İstanbul Tabip Odası da, Anayasamızın 135. maddesine göre kurulmuş, kamu kurumu niteliğindeki meslek örgütüdür. 6023 sayılı Türk Tabipleri Birliği Kanunu’nun 4. madde düzenlemesinde Tabip Odalarının yapmakla mükellef oldukları görevler sıralanmıştır.

6023 sayılı Yasa’nın 4. maddesine göre;

“a) …meslek geleneklerini muhafaza ve geliştirmeye çalışmak, 

b) Azalarının maddi ve manevi hak ve menfaatlerini korumak…

c) Halkın sağlığını korumaya…İş Kanunu ile sosyal kanunların ve bunlara bağlı nizamname ve talimatname hükümlerinin tatbikatında meslek ve meslektaşların hak ve menfaatlerini korumaya ….çalışmak”

Tabip Odalarının görevleridir.
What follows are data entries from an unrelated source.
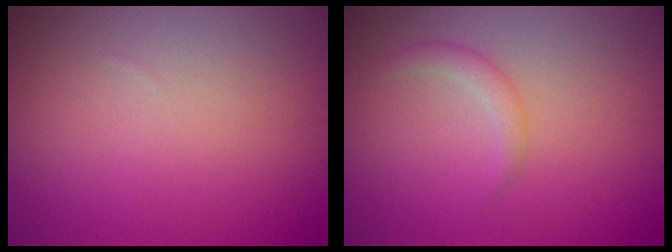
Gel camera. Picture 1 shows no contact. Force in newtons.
{"total": 1.4, "press": 1.4, "slide": 0.0}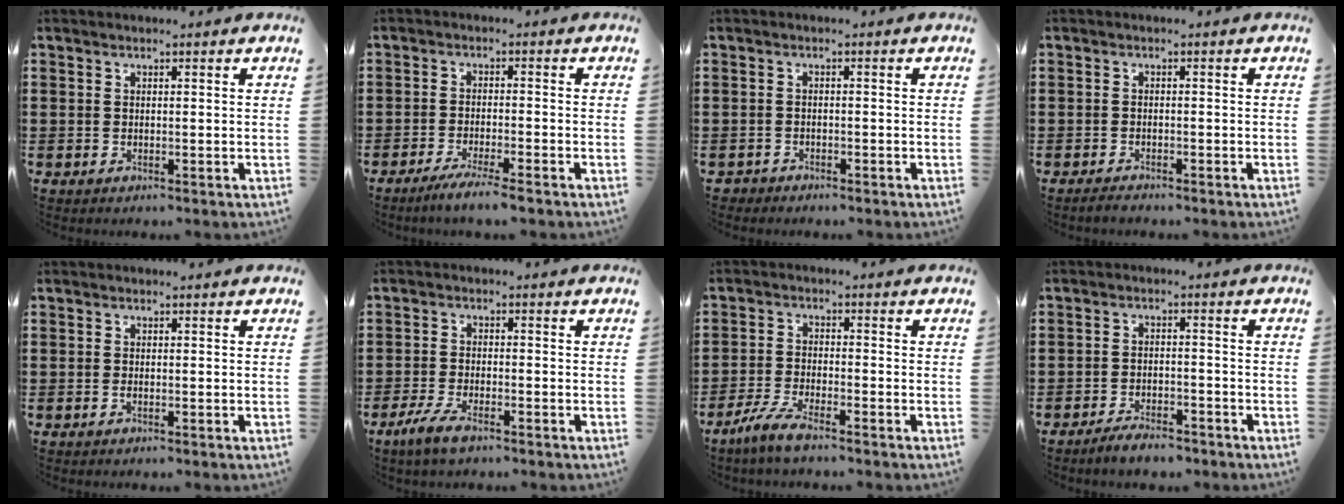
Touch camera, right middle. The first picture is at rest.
{"total": 3.7, "force": [-3.1, -0.3, 2.0], "torque": [-0.041, -0.009, -0.058]}
{"total": 1.5, "force": [-1.5, 0.4, 0.0], "torque": [-0.007, -0.003, -0.033]}
{"total": 1.2, "force": [-1.2, 0.1, 0.3], "torque": [-0.010, -0.003, -0.023]}
{"total": 0.6, "force": [-0.4, 0.0, 0.4], "torque": [-0.012, -0.006, -0.006]}
{"total": 4.2, "force": [-3.0, 1.1, 2.8], "torque": [-0.067, -0.005, -0.060]}
{"total": 4.7, "force": [-3.9, 0.3, 2.6], "torque": [-0.073, -0.013, -0.080]}
{"total": 3.6, "force": [-3.4, 0.5, 1.0], "torque": [-0.020, 0.002, -0.067]}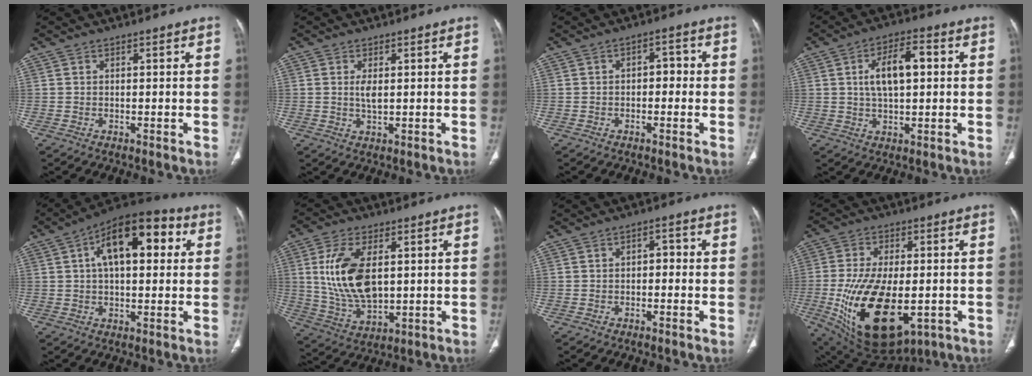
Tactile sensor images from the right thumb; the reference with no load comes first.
{"total": 2.6, "force": [0.4, 1.0, 2.4], "torque": [-0.047, -0.005, 0.011]}
{"total": 3.3, "force": [-0.4, 2.1, 2.5], "torque": [-0.012, 0.015, -0.014]}
{"total": 9.5, "force": [1.6, 4.4, 8.3], "torque": [-0.136, 0.014, 0.024]}
{"total": 16.0, "force": [4.3, 8.0, 13.2], "torque": [-0.173, 0.025, 0.058]}
{"total": 14.5, "force": [2.3, 7.8, 12.0], "torque": [-0.235, -0.012, 0.056]}
{"total": 2.4, "force": [-0.4, 1.5, 1.7], "torque": [-0.009, 0.013, -0.013]}
{"total": 21.7, "force": [-5.0, 11.3, 17.9], "torque": [-0.330, -0.013, -0.055]}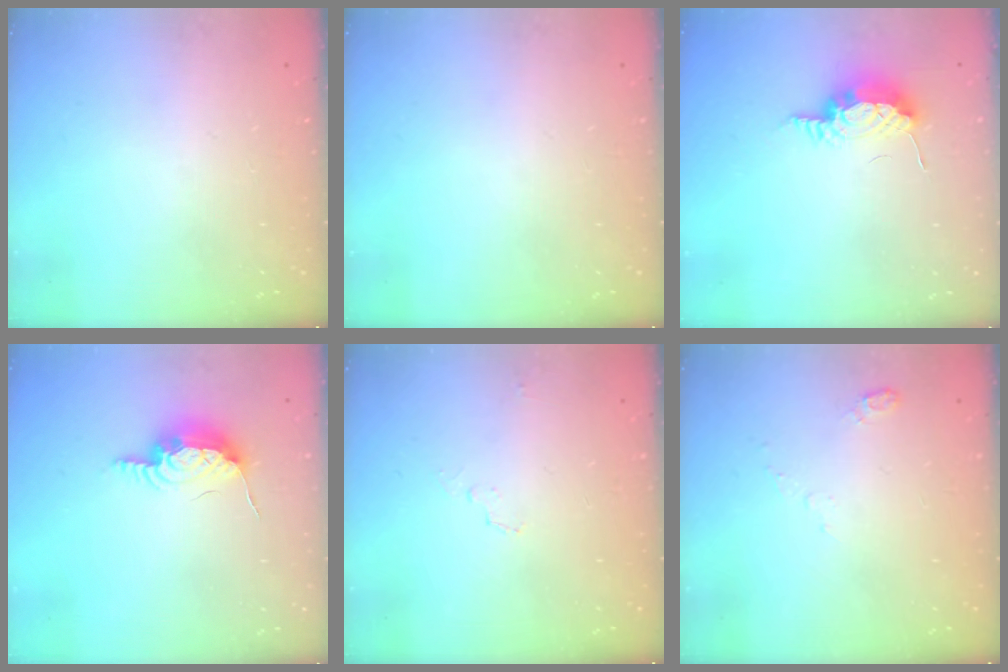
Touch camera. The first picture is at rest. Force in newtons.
{"total": 0.0}
{"total": 8.4, "press": 8.2, "slide": 2.0}
{"total": 10.3, "press": 10.2, "slide": 0.9}
{"total": 3.4, "press": 3.1, "slide": 1.5}
{"total": 4.4, "press": 4.3, "slide": 1.0}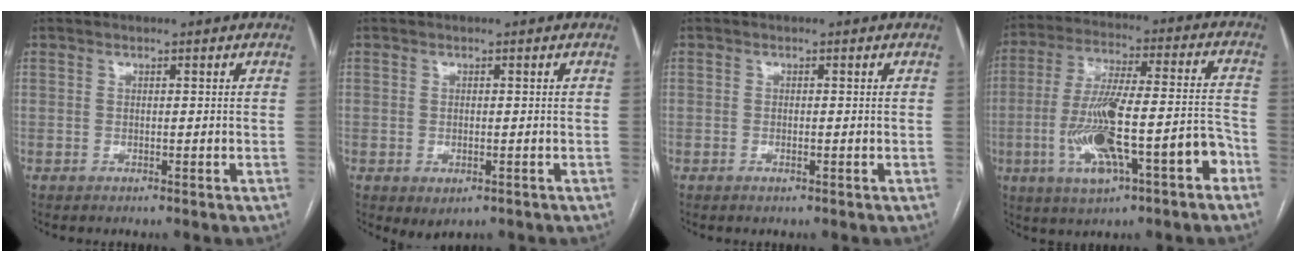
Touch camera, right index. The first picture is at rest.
{"total": 2.3, "force": [-0.9, 1.3, 1.8], "torque": [-0.028, -0.005, 0.002]}
{"total": 0.8, "force": [-0.3, 0.2, 0.7], "torque": [-0.013, -0.001, -0.003]}
{"total": 16.4, "force": [-6.1, 3.3, 14.8], "torque": [-0.273, 0.013, -0.093]}

Keza 28. madde düzenlemesine göre de;

“Sanat icrası hakkındaki kanunların ve bunlarla ilgili mevzuatın gereği gibi uygulanmasına yardım etmek”

görevleri bulunmaktadır.

Dolayısıyla hekimlerin meslek örgütü olan İstanbul Tabip Odası,  Anayasa ve 6023 yasanın hükümlerinden de anlaşıldığı üzere, üçlü görevle donatılmıştır. Buna göre; hekimlerin hak ve menfaatlerini korumanın yanı sıra mesleğin onur ve haysiyetini de koruyacak ve halk sağlığının korunması ve geliştirilmesi için de çalışmalar yürütecektir.
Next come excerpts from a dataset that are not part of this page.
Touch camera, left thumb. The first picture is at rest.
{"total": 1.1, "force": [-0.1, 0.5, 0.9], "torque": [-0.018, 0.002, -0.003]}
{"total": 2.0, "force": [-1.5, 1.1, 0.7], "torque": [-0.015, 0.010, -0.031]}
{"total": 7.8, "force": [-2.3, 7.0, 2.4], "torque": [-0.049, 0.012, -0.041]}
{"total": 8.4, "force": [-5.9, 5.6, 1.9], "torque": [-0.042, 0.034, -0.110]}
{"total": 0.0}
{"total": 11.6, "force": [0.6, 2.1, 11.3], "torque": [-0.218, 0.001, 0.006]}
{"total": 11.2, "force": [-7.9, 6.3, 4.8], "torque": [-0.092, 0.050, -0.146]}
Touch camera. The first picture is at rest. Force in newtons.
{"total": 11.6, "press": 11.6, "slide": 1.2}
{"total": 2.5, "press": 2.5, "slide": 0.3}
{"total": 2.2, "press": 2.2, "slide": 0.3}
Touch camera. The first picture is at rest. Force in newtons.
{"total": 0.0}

b) Ayrıca hekimlerin yaşadığı ve bir bütün olarak sağlık hizmetinde yaşanan problemlerin çözümünü talep etmek, bu konudaki görüşleri açıklamak Anayasamız ile de güvence altına alınan demokratik bir haktır. Üstelik bu hak, ülkemizin taraf olduğu başta Avrupa İnsan Hakları Sözleşmesi olmak üzere, uluslararası sözleşmeler ile de güvence altına alınmıştır.

c) Çok açık ki, yukarıda alıntılar yaptığımız düzenlemeler olmasa dahi, kamu kurumu niteliğindeki bir meslek örgütünün “ücretimiz, iş güvencemiz ve sağlık hakkı” talepleriyle yani üyesi hekimlerin, mesleğin ve halk sağlığının içinde bulunduğu durumu resmetmek, eleştirilerini, çözüm önerilerini ve taleplerini iletmek üzere, açıklamalar yapması, bir baskı grubu oluşturarak, hükümetlerin ya da geniş anlamıyla idarenin icraatlarını etkilemeye çalışma hakkı vardır.
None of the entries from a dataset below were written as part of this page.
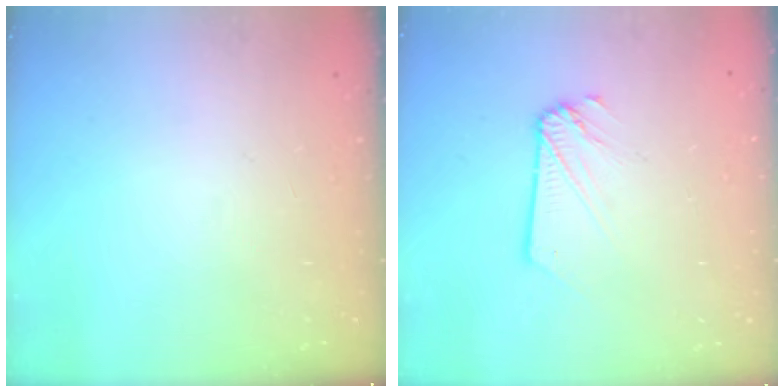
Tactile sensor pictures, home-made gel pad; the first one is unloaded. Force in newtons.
{"total": 2.5, "press": 2.5, "slide": 0.1}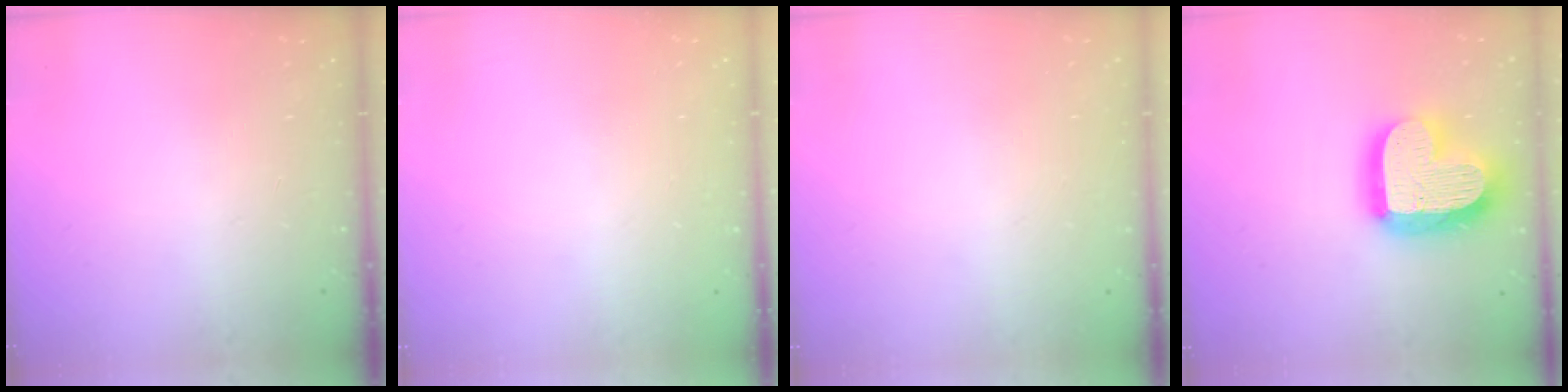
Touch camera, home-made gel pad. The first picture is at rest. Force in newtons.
{"total": 0.0}
{"total": 0.0}
{"total": 22.4, "press": 22.4, "slide": 1.9}

Hatta bu tür etkinlikleri gerçekleştirmek, örgütsel sorumluluğun, yani baskı grubu oluşturarak, “ortak çıkarları koruma” amacının olmazsa olmaz bir gereği ve sonucudur. Aksi halde, örgütlenme hakkının, temel insan hakları kategorisinde düzenlenmesinin de, bir özgürlük olarak güvence altına alınmasının da, bu hakkın İLO’ nun aşağıda aktaracağımız sözleşmeleri, Avrupa İnsan Hakları Sözleşmesi ve pek çok sayıdaki uluslararası sözleşme ile düzenlenmiş olmasının da bir anlamı kalmayacaktır.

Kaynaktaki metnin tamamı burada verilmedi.